The Nevada Supreme Court’s description of the district court’s statements at a subsequent point in the trial is accurate. Not having anything else to use, it was a reasonable application of the rule that a defendant has a right to an impartial jury.
Reasonable jurists might debate this conclusion, and the court will issue a certificate of appealability for ground 4.
Ground 5 is a claim that the trial court erred when it excluded petitioner from the bench conference where the prosecution and the defense exercised their peremptory challenges. On this issue, the Nevada Supreme Court held:
In a related claim, Clark argues that the district court should have allowed him to be present at a bench conference regarding juror nine. In support of this contention, Clark cites to Snyder v. Massachusetts, 291 U.S. 97, 54 S.Ct. 330, 78 L.Ed. 674 (1934), for the proposition that a defendant has the right to be present during the “summoning (sic) up of counsel.” Id. at 106, 109, 54 S.Ct. 330. Clark misquotes this case, as Snyder actually states that a defendant has the right to be present during the “summing up of counsel.” That is, a defendant has ' a right to be present during opening and closing arguments. Therefore, the district court did not err in denying Clark’s request to be present-at the bench conference.
Ex. 65, at 6 (# 40-15).
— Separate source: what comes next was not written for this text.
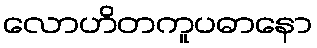
လောဟိတကူပဓာနော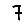
Digit: 7

The court of appeals has held that a defendant has no constitutional right to participate personally in peremptory challenges. United States v. Boyd, 86 F.3d 719, 722-23 (7th Cir.1996). For the purposes of 28 U.S.C. § 2254(d)(1), Boyd is not directly controlling precedent for the Nevada Supreme Court, but Boyd does mean that the Supreme Court of the United States has not clearly established federal law to the contrary. This court cannot grant relief on ground 5. Musladin, 549 U.S. at 76-77, 127 S.Ct. 649.
Reasonable jurists would not find these conclusions to be debatable or wrong, and the court will not issue a certificate of appealability for ground 5.
Ground 6 is a claim that insufficient evidence existed to support the guilty ver-
*1058 diets on sexual assault. On this issue, the Nevada Supreme Court held:Fourth, Clark argues that there was insufficient evidence to convict him of sexual assault of a minor under age of 16. Specifically, he contends that the victim’s behavior after the incident was inconsistent with that of a sexual assault victim, circumstantial evidence and DNA evidence were lacking, and there were several inconsistencies between the victim’s testimony and other witnesses’ accounts.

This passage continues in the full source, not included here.